Pray for Silence
When a police officer stops for a leak and a cigarette on a quiet back road the last thing he expects is to hear horrifying screams. But what he finds when he responds to those screams makes him want to do a little terrified screeching of his own. That he found it on a peaceful Amish farm makes the scene just that much more bizarre.
Police Chief Kate Burkholder is a veteran officer but this family annihilation has even the most seasoned veterans on her squad horrified. Though it’s made to appear as though the father committed the crime, it becomes clear to Kate and her crew pretty quickly that the whole scene was staged; within an hour of being at the scene they know someone in their small, quiet community is a monster in disguise.
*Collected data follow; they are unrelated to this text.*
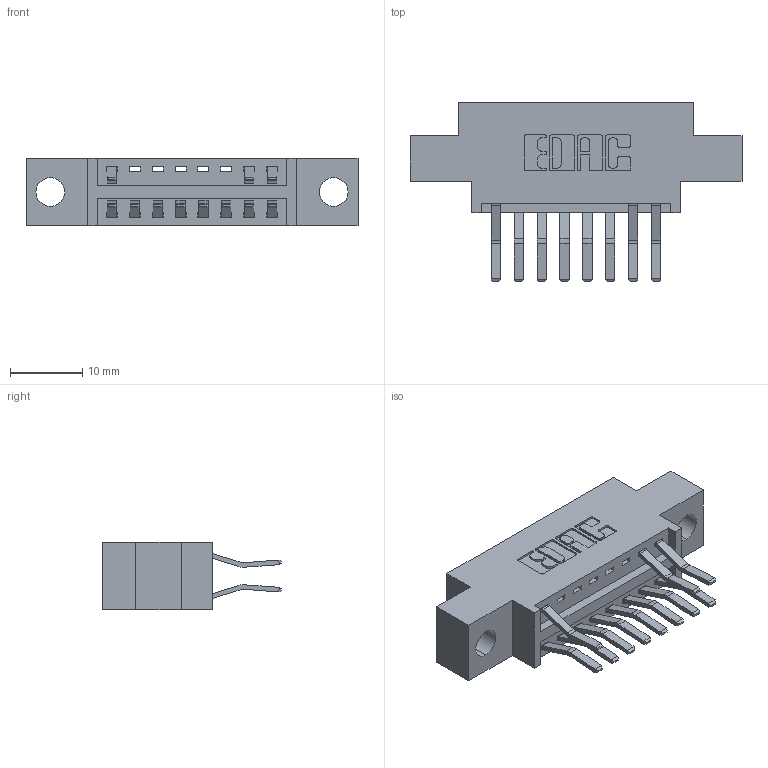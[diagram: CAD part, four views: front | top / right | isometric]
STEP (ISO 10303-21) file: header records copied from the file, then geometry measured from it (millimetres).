
FILE_DESCRIPTION (( 'STEP AP203' ), '1' );
FILE_NAME ('346-016-560-804.STEP', '2018-08-20T05:34:27', ( '' ), ( '' ), 'SwSTEP 2.0', 'SolidWorks 2016', '' );
FILE_SCHEMA (( 'CONFIG_CONTROL_DESIGN' ));
Length unit declared in the file: inch
Products named in the file (3): 346 Part_0.170 Offset - 0.156 Dia-TH; 345-292-001_560 Tail; 346-016-560-804
Assembly tree (12 placements, depth 2):
  346-016-560-804
    346 Part_0.170 Offset - 0.156 Dia-TH
    345-292-001_560 Tail  x11
Bounding box: 45.97 x 24.78 x 9.4 mm (x, y, z)
Volume: 4003.6 mm3; surface area: 4894.7 mm2
Topology: 12 solids, 12 shells, 750 faces, 2217 edges, 1462 vertices
Faces by surface type: plane 490, cylinder 260
Entity records: 9861 total; most frequent: CARTESIAN_POINT 1695, ORIENTED_EDGE 1634, DIRECTION 1543, EDGE_CURVE 817, VECTOR 649, LINE 649, VERTEX_POINT 542, AXIS2_PLACEMENT_3D 447

As they begin to sift through the evidence it becomes apparent that the investigation needs to center on young Mary, a daughter who may have been considering leaving the Amish way of life. Mary reminds Kate far too much of herself for her own comfort. Already in a precarious emotional state, she is unsure whether she should call agent John Tomasetti of the Ohio Bureau of Criminal Apprehension. She has no doubt he will be an asset to their investigation but will their on-again/off-again relationship effect their ability to work together?
John is in a difficult situation when Kate calls. Suspended from the bureau, he is certain of only one thing – he doesn’t want to be home alone. He isn’t certain helping Kate won’t ruin his already strained relationship with the powers that be at Criminal Apprehension. He doesn’t want to tell her about his suspension and he isn’t sure he wants to deal with the relationship – if you can call what they have a relationship. But he is inexorably drawn into the tangled web of this killer and the woman fighting him with everything she has.
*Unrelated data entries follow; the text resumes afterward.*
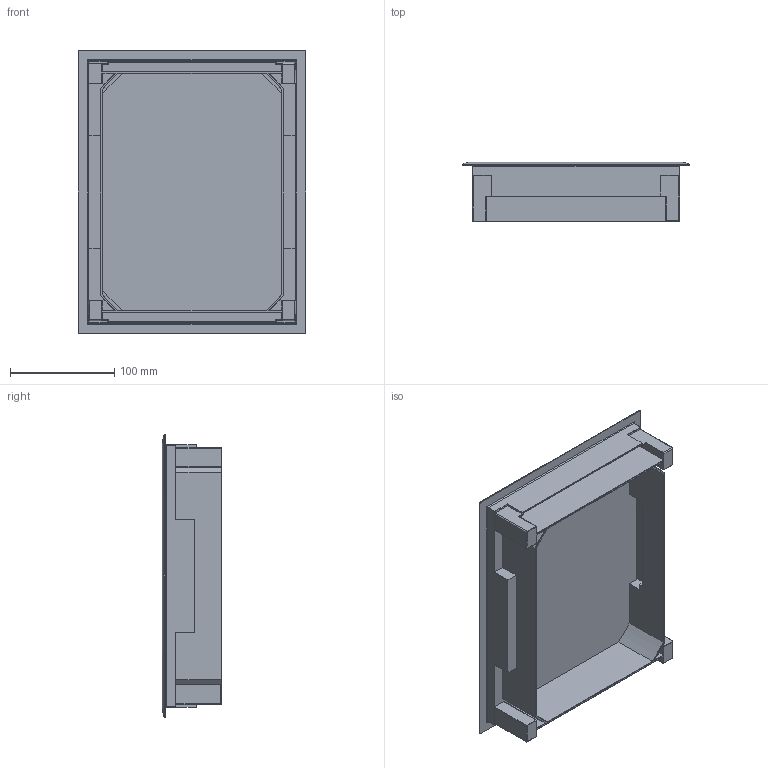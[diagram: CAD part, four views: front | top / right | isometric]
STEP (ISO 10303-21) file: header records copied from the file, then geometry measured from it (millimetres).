
FILE_DESCRIPTION (( 'STEP AP203' ), '1' );
FILE_NAME ('VDE0905.STEP', '2022-08-05T09:19:52', ( '' ), ( '' ), 'SwSTEP 2.0', 'SolidWorks 2019', '' );
FILE_SCHEMA (( 'CONFIG_CONTROL_DESIGN' ));
Length unit declared in the file: millimetre
Products named in the file (3): VDE0905; Rahmen VE09 R5_Rahmen VE09 R5 7011; Verschlussdeckelblech VBE09_Verschlussdeckelblech VBE09-6mm
Assembly tree (2 placements, depth 2):
  VDE0905
    Rahmen VE09 R5_Rahmen VE09 R5 7011
    Verschlussdeckelblech VBE09_Verschlussdeckelblech VBE09-6mm
Bounding box: 218.5 x 57 x 271.5 mm (x, y, z)
Volume: 478740.4 mm3; surface area: 260480 mm2
Topology: 2 solids, 2 shells, 272 faces, 684 edges, 402 vertices
Faces by surface type: cylinder 122, plane 111, torus 21, sphere 11, bspline 7
Entity records: 8409 total; most frequent: CARTESIAN_POINT 1856, ORIENTED_EDGE 1338, DIRECTION 1286, EDGE_CURVE 669, AXIS2_PLACEMENT_3D 430, LINE 426, VECTOR 426, VERTEX_POINT 402

Suspense fans will not be disappointed in this novel of how evil lurks in even the most peaceful of places. The crime is intriguing, the victims so sympathetic you feel as saddened as if they were real and you had actually known them. I found myself twisting and turning just as Kate did, trying to get a handle on something that seemed to have no meaning. The killer was frightening, at once so human and normal you couldn’t suspect him and so horrifyingly brutal you wondered how he could walk among us without everyone immediately knowing what he was. Even when the story ended a part of me couldn’t believe who had committed the crime and why.
There were some problems though. The entire time I was reading this book I was reminded of sinister gray days that are accompanied by a slow, incessant rain that quietly but swiftly floods your basement and makes you question if the sun had ever really existed – or if it was just a hallucination you had come up with. Kate seems pulled completely into the crime, and since much of the tale is told in the first person we are pulled into this dark, cloudy abyss with her. John too seems lost in dismal thoughts, unable to bring any levity to a very, very heavy situation. Their romance is even a bit cold, coming across more as two people in need than two people falling in love.
I also found myself growing a bit tired of Kate and John’s baggage. I know that it makes them far more interesting characters, but this time out I felt like I was lugging the luggage for them and it felt a bit wearying. I began to wonder how Kate was going to effectively do her job if she was going to let every crime yank her into her past.
This is book two of a series. I’ve read book one – in fact I’d recommend it to fans of suspense novels – and I would encourage people to start with Sworn to Silence . But you don’t have to read that to enjoy this one.
Though Pray for Silence has its imperfections, this is a first rate thriller. The mystery is cutting edge and Ms. Castillo doesn’t blink at taking a long, hard look at the violence that lies just beneath the surface of the human animal. While there may not be enough romance to satisfy romantic suspense fans, readers who enjoy a good mystery will find themselves well satisfied at the end of this one.